The boy’s hands scuttled over the old television, aligning wires, pulling switches. Then he lidded his eyes and paddled his arms back and forth. He took the long tress of fibers jutting through the top of the box and stroked and pulled them apart and spat in his hands and rubbed the saliva in.
Winkler lifted his bottle and took a long drink. Amazingly, the bottle was nearly empty. He felt a tingling all through his spine. Were they running a current through him? He thought of the photo of Sandy, up in the car, waiting for him.
“What does it say?“ The boy opened his eyes and peered into his side of the box. Winkler tried to see Grace: her hair chopped at the neck, her wide black eyes, an unadorned string around her throat. Not his daughter at all.

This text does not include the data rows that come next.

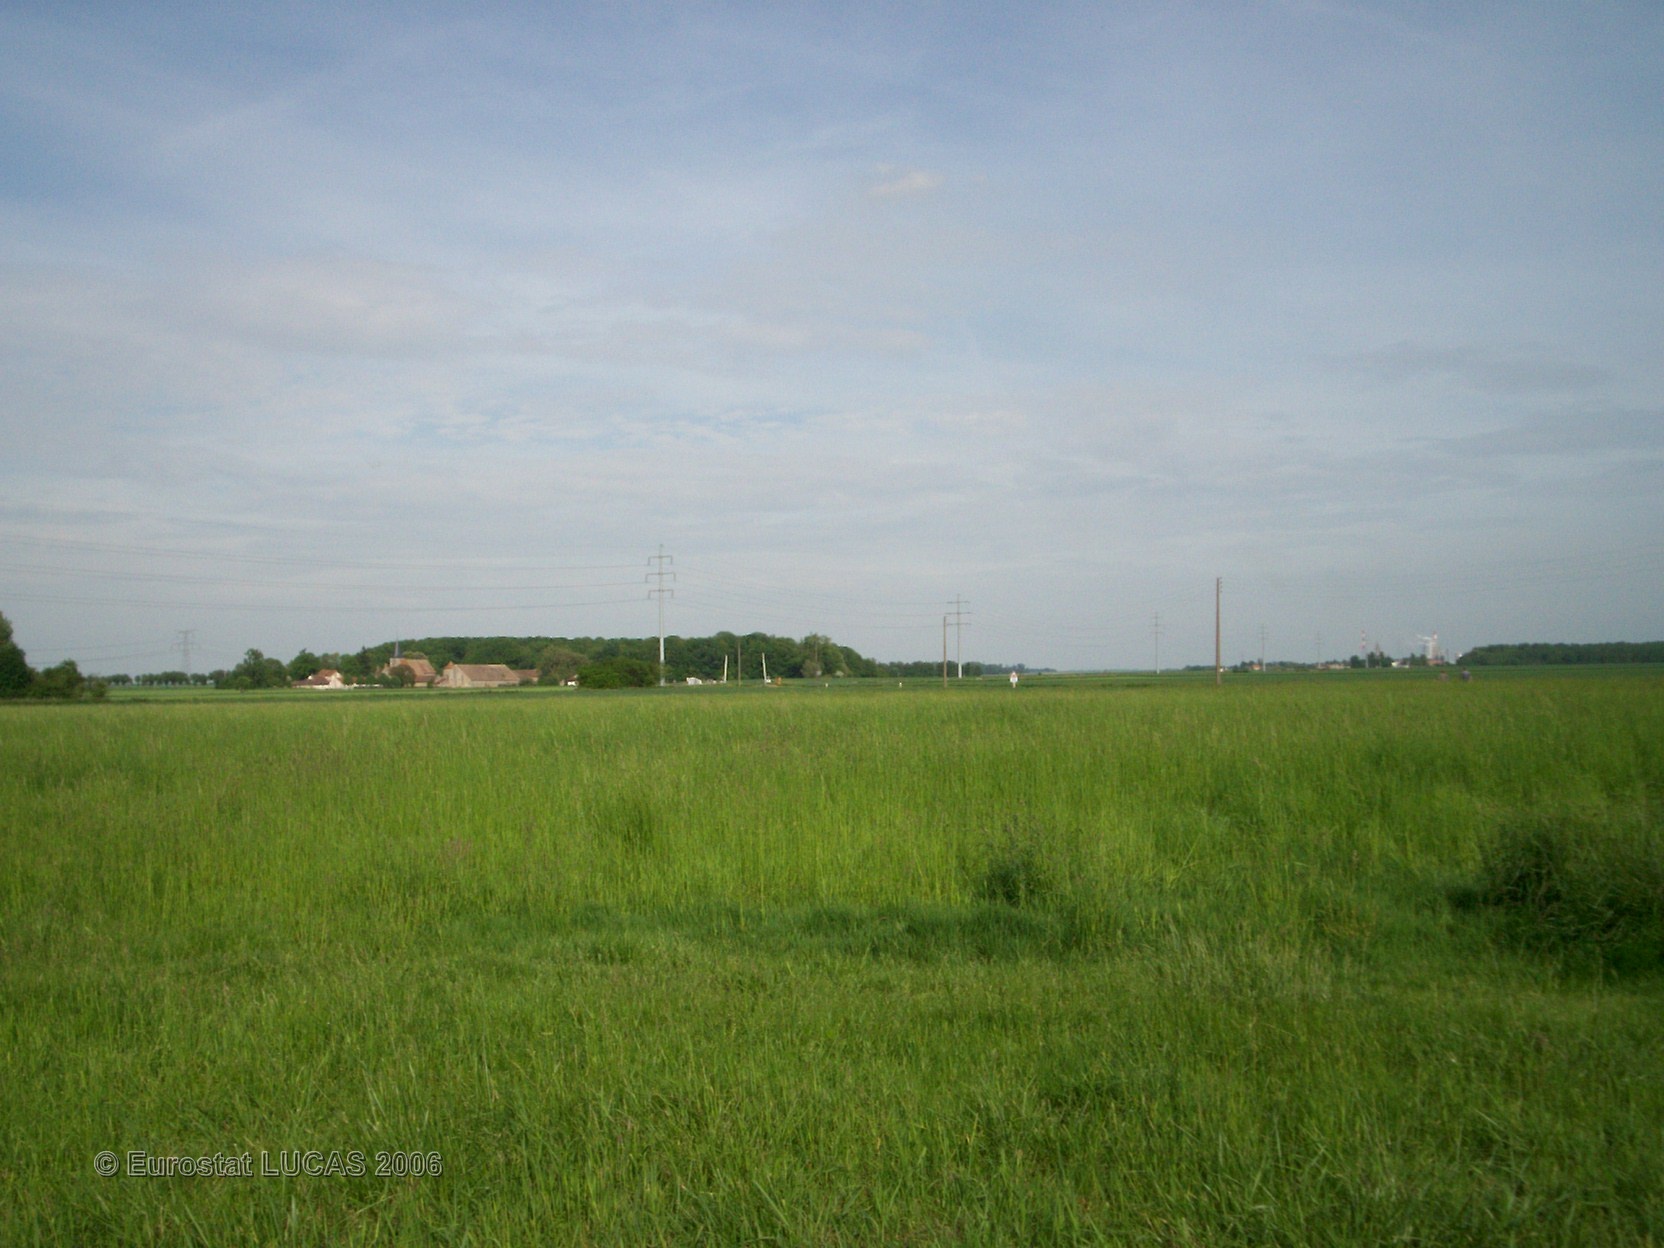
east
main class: Grassland
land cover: Grassland with sparse tree/shrub cover
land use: Amenities, museums, leisure
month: May
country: FR
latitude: 48.6085
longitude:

“Jed says the future machine was able to see much. He says the future machine ranged across the blanket of time and gathered much information.”
The boy glanced at the machine, bent over, and said more into his mother’s ear. “Jed says to ask you, Mr. Winkler, if you are sure you want to know what the future machine says.”
Winkler shifted in his seat and felt the room make a slow, fluid spin underneath him. He felt suddenly ridiculous and vain in his new suit: he would never find his daughter like this, drinking in some hot basement, enduring parlor tricks. “I’m not paying more,” he said, “if that’s what you mean.”
The others in the room laughed. Grace held up a hand. “Jed says that to know what will come is sometimes the same as making it so.”